● Task item
Go through the entries one line at a time, and gather every line that has the word "stop".

● Available data
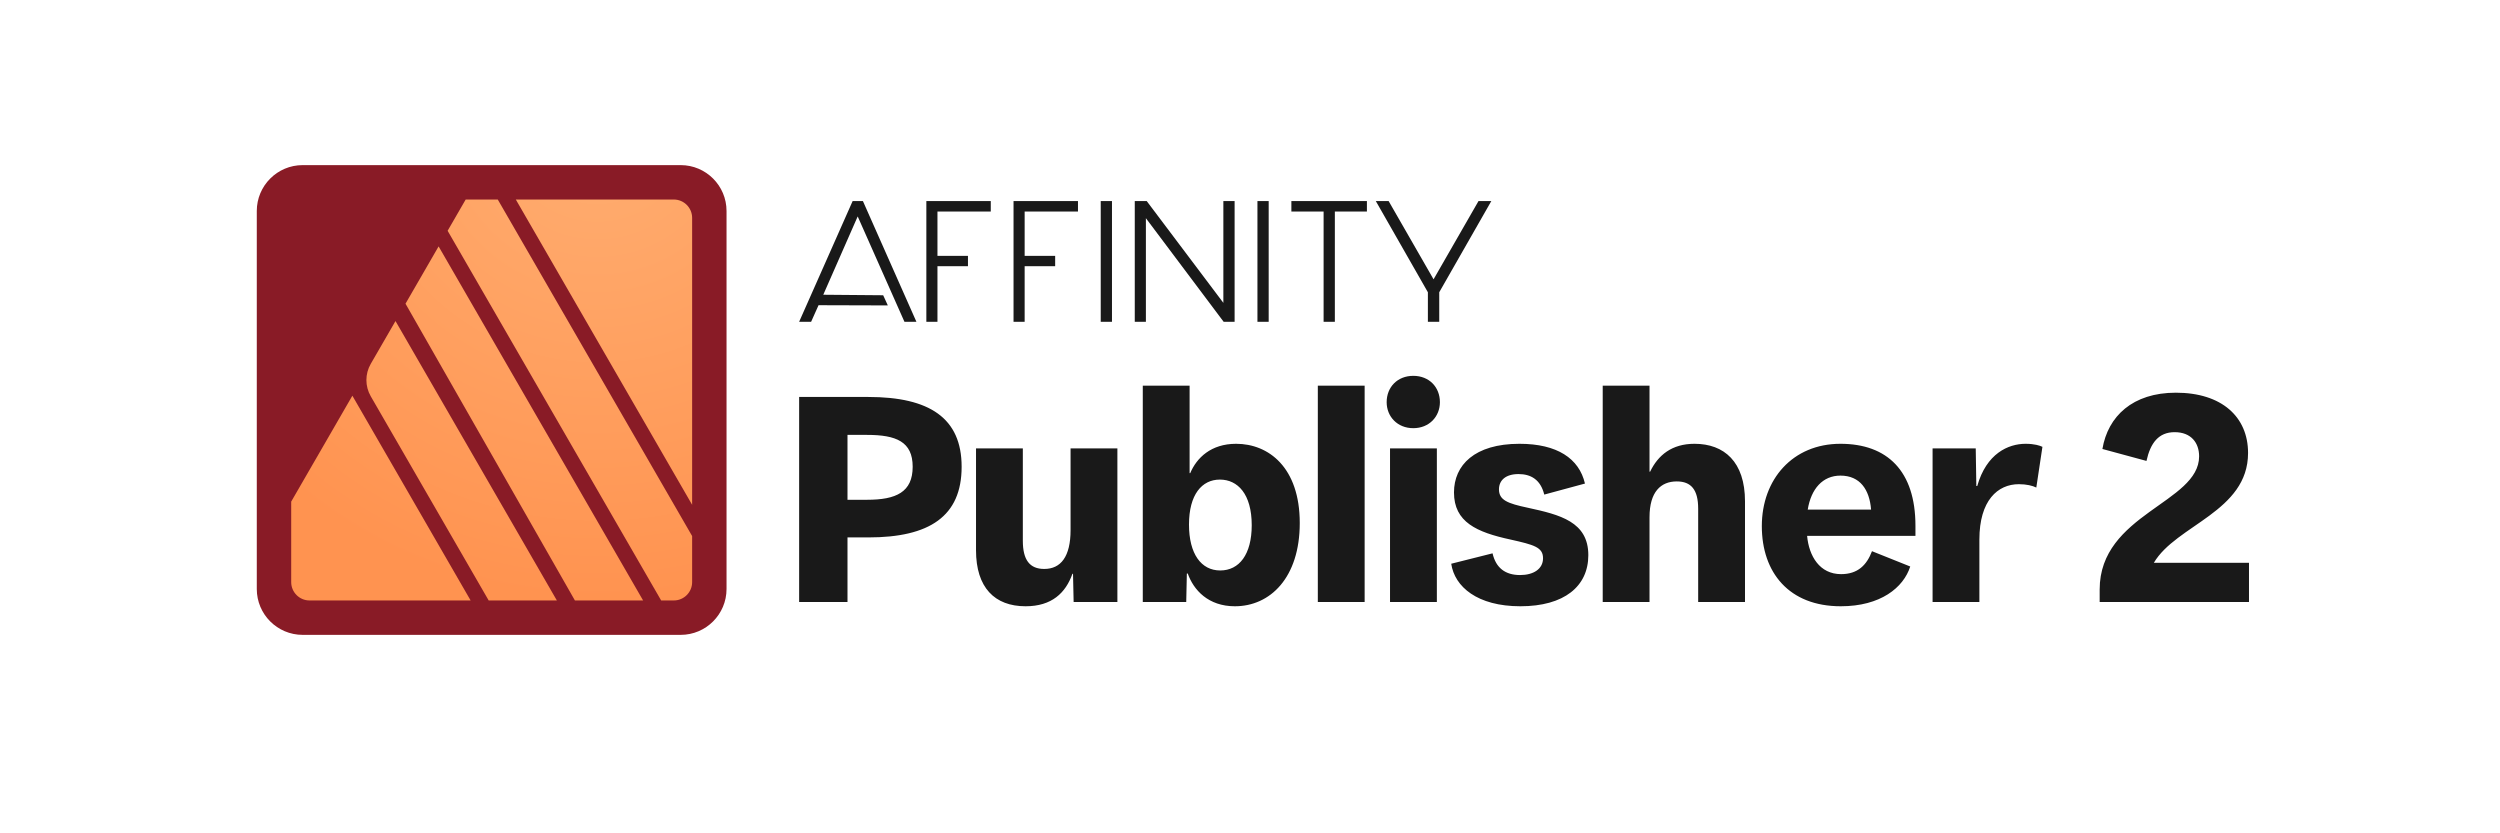 <svg width="300" height="100" viewBox="0 0 300 100" fill="none" xmlns="http://www.w3.org/2000/svg">
<path fill-rule="evenodd" clip-rule="evenodd" d="M87.184 25.319C87.184 22.281 84.718 19.814 81.68 19.814H36.319C33.281 19.814 30.814 22.281 30.814 25.319V70.68C30.814 73.718 33.281 76.184 36.319 76.184H81.68C84.718 76.184 87.184 73.718 87.184 70.68V25.319Z" fill="#891B26"/>
<path fill-rule="evenodd" clip-rule="evenodd" d="M56.476 72.056L42.284 47.485L34.944 60.193V69.854C34.944 71.069 35.93 72.056 37.146 72.056H56.476ZM66.824 72.056H58.642C58.642 72.056 48.042 53.698 44.491 47.556C43.794 46.352 43.794 44.867 44.49 43.663C45.775 41.44 47.459 38.526 47.459 38.526L66.824 72.056ZM77.173 72.056H68.99L48.661 36.443L52.633 29.568L77.173 72.056ZM83.056 64.326V69.854C83.056 71.069 82.07 72.056 80.855 72.056H79.339L53.715 27.693L55.882 23.943H59.732L83.056 64.326ZM80.855 23.943H61.898L83.056 60.576V26.145C83.056 24.93 82.07 23.943 80.855 23.943Z" fill="url(#paint0_radial_942_16419)"/>
<path d="M104.196 47.636H95.897V72.239H101.699V64.491H104.196C111.54 64.491 115.396 61.957 115.396 56.009C115.396 50.17 111.54 47.636 104.196 47.636ZM104.049 59.973H101.699V52.188H104.049C107.538 52.188 109.521 52.996 109.521 56.009C109.521 59.056 107.538 59.973 104.049 59.973ZM123.07 72.752C126.228 72.752 127.881 71.137 128.689 68.859H128.762L128.836 72.239H134.087V53.806H128.468V63.609C128.468 66.804 127.293 68.274 125.31 68.274C123.548 68.274 122.74 67.173 122.74 64.895V53.806H117.122V66.034C117.122 70.511 119.361 72.752 123.07 72.752ZM148.187 72.752C152.41 72.752 155.971 69.338 155.971 62.764C155.971 56.081 152.226 53.255 148.334 53.255C145.323 53.255 143.597 54.942 142.826 56.779H142.752V46.278H137.134V72.239H142.348L142.422 68.825H142.532C143.23 70.805 144.992 72.752 148.187 72.752ZM146.425 68.456C144.148 68.456 142.679 66.472 142.679 62.949C142.679 59.35 144.221 57.551 146.388 57.551C148.518 57.551 150.207 59.275 150.207 63.021C150.207 66.547 148.701 68.456 146.425 68.456ZM158.139 46.278H163.757V72.239H158.139V46.278ZM169.594 51.381C171.506 51.381 172.789 49.986 172.789 48.261C172.789 46.462 171.506 45.101 169.594 45.101C167.685 45.101 166.399 46.462 166.399 48.261C166.399 49.986 167.685 51.381 169.594 51.381ZM166.803 72.239H172.423V53.806H166.803V72.239ZM182.448 72.752C187.698 72.752 190.599 70.364 190.599 66.619C190.599 62.617 187.219 61.772 183.33 60.928C180.905 60.414 179.876 60.011 179.876 58.725C179.876 57.661 180.648 56.888 182.226 56.888C183.696 56.888 184.87 57.551 185.311 59.35L190.195 58.027C189.497 55.017 186.853 53.255 182.338 53.255C176.938 53.255 174.478 55.824 174.478 59.094C174.478 62.655 177.197 63.865 181.271 64.748C184.062 65.374 185.164 65.665 185.164 66.988C185.164 68.274 184.025 69.006 182.41 69.006C180.648 69.006 179.51 68.162 179.106 66.4L174.147 67.648C174.553 70.402 177.269 72.752 182.448 72.752ZM192.326 72.239H197.942V62.066C197.942 59.019 199.3 57.77 201.212 57.77C202.936 57.77 203.781 58.762 203.781 61.04V72.239H209.4V60.158C209.4 55.42 206.903 53.255 203.34 53.255C200.624 53.255 198.972 54.613 198.017 56.597H197.942V46.278H192.326V72.239ZM229.854 63.096C229.854 56.522 226.475 53.255 220.855 53.255C215.129 53.255 211.419 57.514 211.419 63.133C211.419 68.712 214.688 72.752 220.893 72.752C225.668 72.752 228.421 70.511 229.228 67.98L224.638 66.143C224.015 67.795 222.949 68.897 220.93 68.897C218.359 68.897 217.075 66.731 216.853 64.307H229.854V63.096ZM220.855 57.073C223.205 57.073 224.344 58.762 224.529 61.15H216.928C217.332 58.653 218.728 57.073 220.855 57.073ZM231.91 72.239H237.526V64.748C237.526 60.048 239.729 58.102 242.264 58.102C243.183 58.102 243.916 58.286 244.357 58.506L245.092 53.621C244.798 53.474 244.138 53.255 243.074 53.255C240.981 53.255 238.371 54.429 237.27 58.321H237.16L237.088 53.806H231.91V72.239ZM258.459 67.539C261.137 62.986 269.767 61.406 269.767 54.356C269.767 50.023 266.61 47.123 261.103 47.123C255.924 47.123 252.949 49.951 252.289 53.878L257.577 55.311C258.055 53.143 259.044 51.86 260.956 51.86C262.937 51.86 263.894 53.143 263.894 54.76C263.894 60.342 251.96 61.663 251.96 70.734V72.239H269.879V67.539H258.459Z" fill="#191919"/>
<path fill-rule="evenodd" clip-rule="evenodd" d="M118.893 25.384H112.495V30.702H116.156V31.943H112.495V38.614H111.162V24.129H118.893V25.384ZM152.242 38.614H150.893V24.129H152.242V38.614ZM133.437 38.614H132.087V24.129H133.437V38.614ZM129.357 25.384H122.958V30.702H126.619V31.943H122.958V38.614H121.624V24.129H129.357V25.384ZM164.029 25.384H160.182V38.614H158.832V25.384H154.965V24.129H164.029V25.384ZM137.507 38.614H136.172V24.129H137.607L146.803 36.343V24.129H148.153V38.614H146.837L137.507 26.183V38.614ZM172.709 38.614H171.346V35.071L165.097 24.129H166.636L172.027 33.518L177.42 24.129H178.958L172.709 35.071V38.614ZM109.969 38.614H108.533L102.923 25.972C102.572 26.78 99.157 34.546 98.792 35.369C99.508 35.369 105.63 35.429 105.981 35.431L106.539 36.65C105.318 36.642 99.845 36.625 98.225 36.625C98.078 36.936 97.456 38.317 97.335 38.614H95.897L102.316 24.129H103.55L109.969 38.614Z" fill="#191919"/>
<defs>
<radialGradient id="paint0_radial_942_16419" cx="0" cy="0" r="1" gradientUnits="userSpaceOnUse" gradientTransform="translate(71.713 14.901) scale(57.155 57.155)">
<stop stop-color="#FFAE71"/>
<stop offset="1" stop-color="#FF9350"/>
</radialGradient>
</defs>
</svg>

● Written solution
<stop stop-color="#FFAE71"/>
<stop offset="1" stop-color="#FF9350"/>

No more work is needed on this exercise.